Hi,
I would like to transfer learn a regression model onto a classification task.
This is my regression model:
model = Chain(
Conv((32, 16), 1 => 8),
LayerNorm((129, 77, 8), relu, dims=(1, 2, 3)),
Conv((32, 16), 8 => 16, stride=(2, 2)),
LayerNorm((49, 31, 16), relu, dims=(1, 2, 3)),
MaxPool((2, 2)),
Conv((16, 8), 16 => 16),
LayerNorm((9, 8, 16), relu, dims=(1, 2, 3)),
MaxPool((2, 2)),
# Flatten and dense layers
ReshapeLayer((256,)),
Dropout(0.25),
Dense(256, 128, relu),
Dropout(0.15),
Dense(128, 1)
)
From this, I then create a classifier by using Lux.Experimental.Freeze:
model_clf = Chain(Lux.Experimental.freeze(model[1:12]), Dense(128, 1, sigmoid))

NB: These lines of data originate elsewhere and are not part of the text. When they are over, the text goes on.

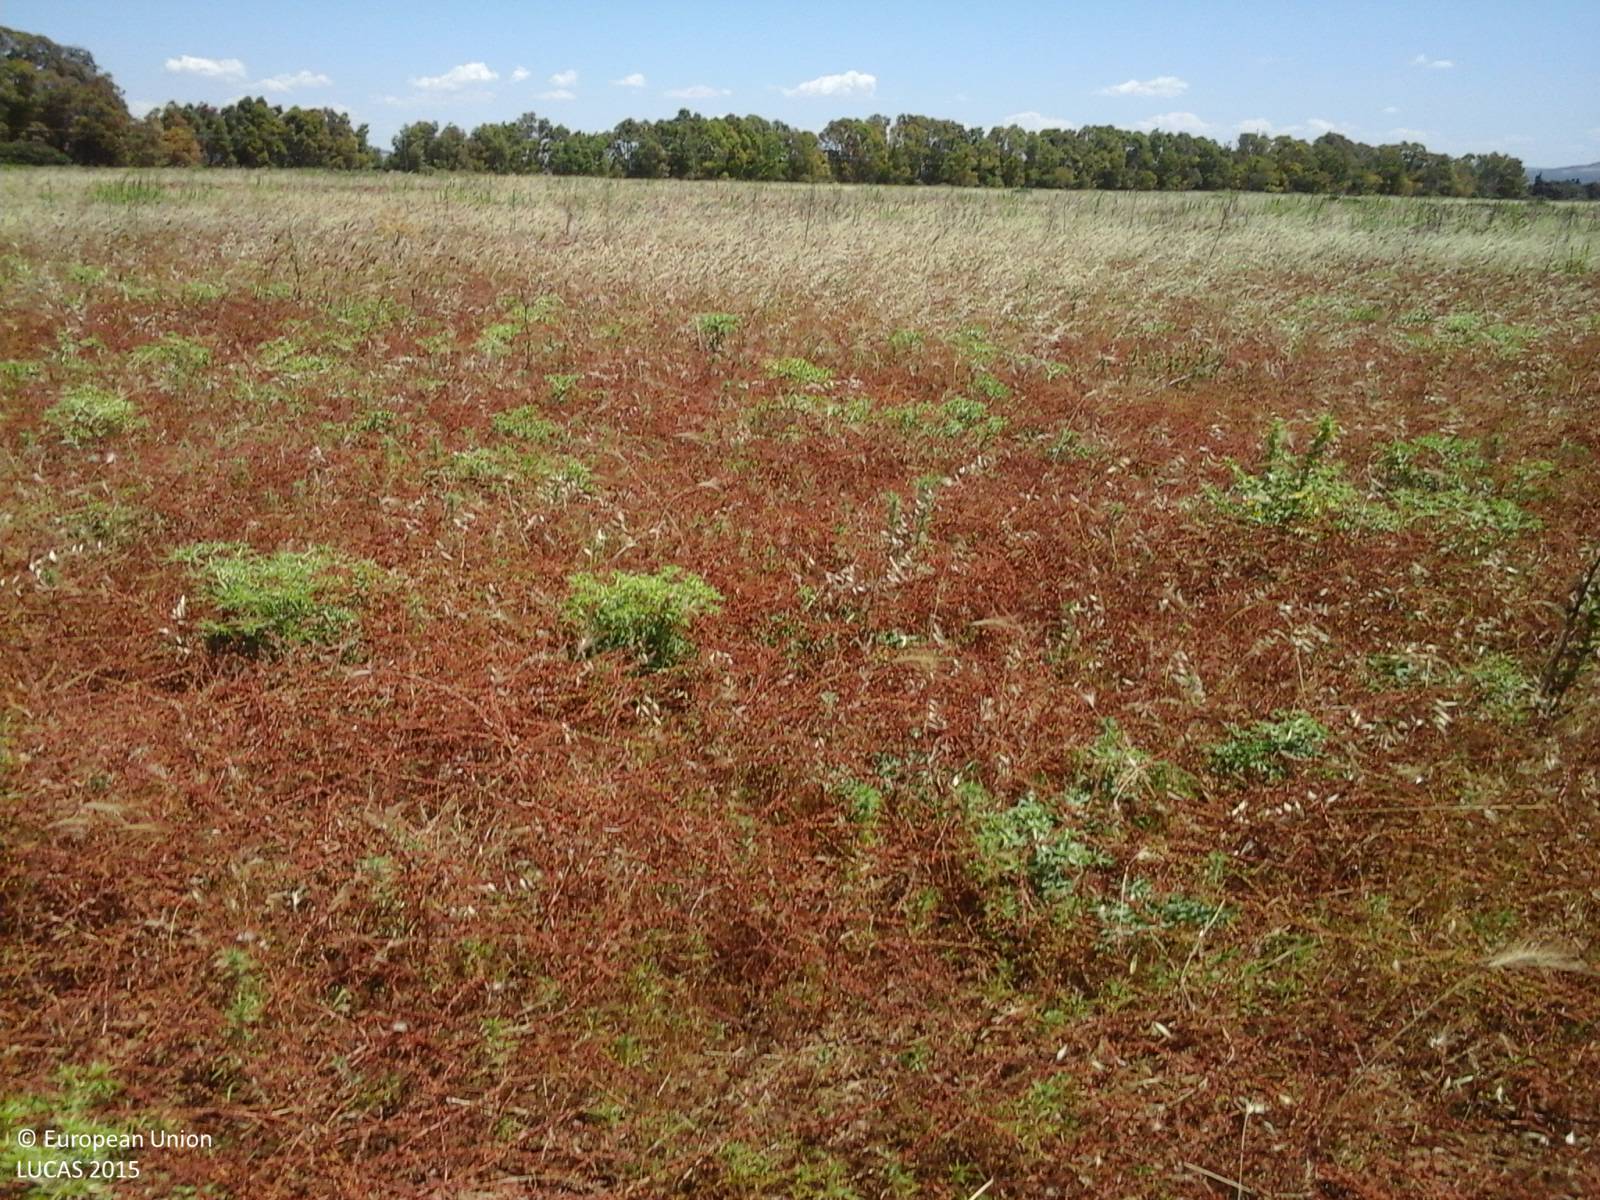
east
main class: Grassland
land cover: Spontaneously vegetated surfaces
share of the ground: > 75 %
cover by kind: herbaceous plants 100 %
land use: Fallow land
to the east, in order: Spontaneously vegetated surfaces; Fences; Spontaneously vegetated surfaces; Electric lines; Spontaneously vegetated surfaces; Fences; Dry stone walls; Grass margins; Tracks; Fences; Lines of trees; Lucerne
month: June
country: IT
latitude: 40.6154
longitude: 8.3415

ps_clf, st_clf = Lux.setup(rng, model_clf) |> gpu
The pullback for this model takes over a minute:
@time (loss, st_g), pb = Zygote.pullback(ps_clf) do p
Y_hat, st_ = model_clf(X_batch[1:160,:,:,:], p, st)
Y_pred = clamp.(Y_hat[1, :], ϵ, 1f0-ϵ)
sum(Y_pred), st_
# loss_fn(Y_true, Y_pred), st_
end
I tried timing it and it gives me 2.3s. Then it continues compiling and after a about 1-2 minutes produces a very long:
2.295934 seconds (110.39 k allocations: 5.660 MiB, 99.90% compilation time)
((15.384361f0, (layer_1 = (frozen_params = (layer_1 = (weight = Float32[0.015952695 0.007185958 … 0.02645357 0.057883892; -0.07097661 0.039056055 … 0.05905502 0.058483243; … ; -0.06422479 0.011287891 … 0.030074239 0.012998548; 0.04424595 -0.02495748 … -0.0018427239 0.013343713;;;; 0.04482291 -0.05909165 … 0.053648986 0.07476449; -0.03904024 0.03407839 … -0.01089952 -0.057322554; … ; -0.038908638 0.06761868 … 0.05761158 -0.018731067; -0.014519313 0.06123217 … -0.006092812 0.06165308;;;; -0.054698225 -0.047990892 … 0.059512276 -0.029810168; -0.05741847 -0.05390712 … -0.058472898 0.06503907; … ; -0.06078
I can then calculate gradients, which seem to be ok. But just the pullback takes a very long time.
What can I do to reduce calculation of the gradients to acceptable times?